You can extend this trick if you are willing to include a 40kB table in your code:

void to_string_tree_bigtable(uint64_t x, char *out) {
  #include "bigtable.h"

  uint64_t top = x / 100000000;
  uint64_t bottom = x % 100000000;
  //
  uint64_t toptop = top / 10000;
  uint64_t topbottom = top % 10000;
  uint64_t bottomtop = bottom / 10000;
  uint64_t bottombottom = bottom % 10000;

  memcpy(out, &bigtable[4 * toptop], 4);
  memcpy(out + 4, &bigtable[4 * topbottom], 4);
  memcpy(out + 8, &bigtable[4 * bottomtop], 4);
  memcpy(out + 12, &bigtable[4 * bottombottom], 4);
}

An intermediate solution with a 3-character table would only require a 3kB table. I also consider Muła’s SIMD-based approach though I refer you to his article for details. Effectively Muła use fancy Intel-specific instructions to get the job done.
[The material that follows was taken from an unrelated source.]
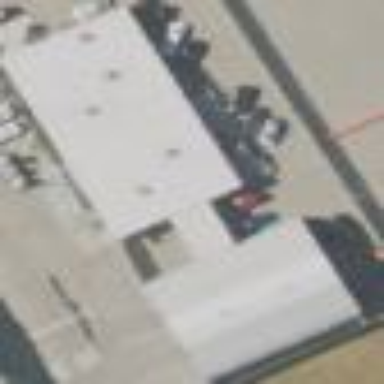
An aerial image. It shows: Fire station building.
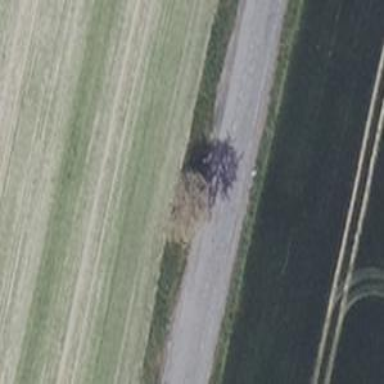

If you cannot use SIMD instructions, you can use something similar called SWAR. Effectively, you pack several integer values inside a wide integer (64 bits) and you try to somehow save instructions. Luckily, Khuong has a solution for us:

// credit: Paul Khuong
uint64_t encode_ten_thousands(uint64_t hi, uint64_t lo) {
  uint64_t merged = hi | (lo << 32);
  uint64_t top = ((merged * 10486ULL) >> 20) & ((0x7FULL << 32) | 0x7FULL);
  uint64_t bot = merged - 100ULL * top;
  uint64_t hundreds;
  uint64_t tens;
  hundreds = (bot << 16) + top;
  tens = (hundreds * 103ULL) >> 10;
  tens &= (0xFULL << 48) | (0xFULL << 32) | (0xFULL << 16) | 0xFULL;
  tens += (hundreds - 10ULL * tens) << 8;

  return tens;
}

void to_string_khuong(uint64_t x, char *out) {
  uint64_t top = x / 100000000;
  uint64_t bottom = x % 100000000;
  uint64_t first =
      0x3030303030303030 + encode_ten_thousands(top / 10000, top % 10000);
  memcpy(out, &first, sizeof(first));
  uint64_t second =
      0x3030303030303030 + encode_ten_thousands(bottom / 10000, bottom % 10000);
  memcpy(out + 8, &second, sizeof(second));
}

I refer you to Khuong’s blog post for a description.

I wrote a small benchmark in C++ which measures the time per integer. Remember that every call to my functions produces 16 digits, exactly.

function	Apple M1, LLVM 12	AMD Zen 2, GCC 10
linear	14 ns	25 ns
backward linear	7.7 ns	18 ns
tree	6.9 ns	15 ns
Khuong	3.3 ns	8.0 ns
small table	3.7 ns	7.1 ns
SIMD	non-available	4.8 ns
big table	1.5 ns	2.9 ns

On both processors, the crazy big-table (40kB) approach is about 2 times faster than the version with a small table. Though a big-table can be justified in some instances, my feeling is that only in niche applications would such a big table be acceptable for such a narrow task. Even a smaller 3kB seems like an overkill given the good results we get with a small table.

The SIMD approach has a rather minimal gain compared to the version with a small table (merely 25%).

At a glance, the small table wins on practical ground. It is small, simple and portable.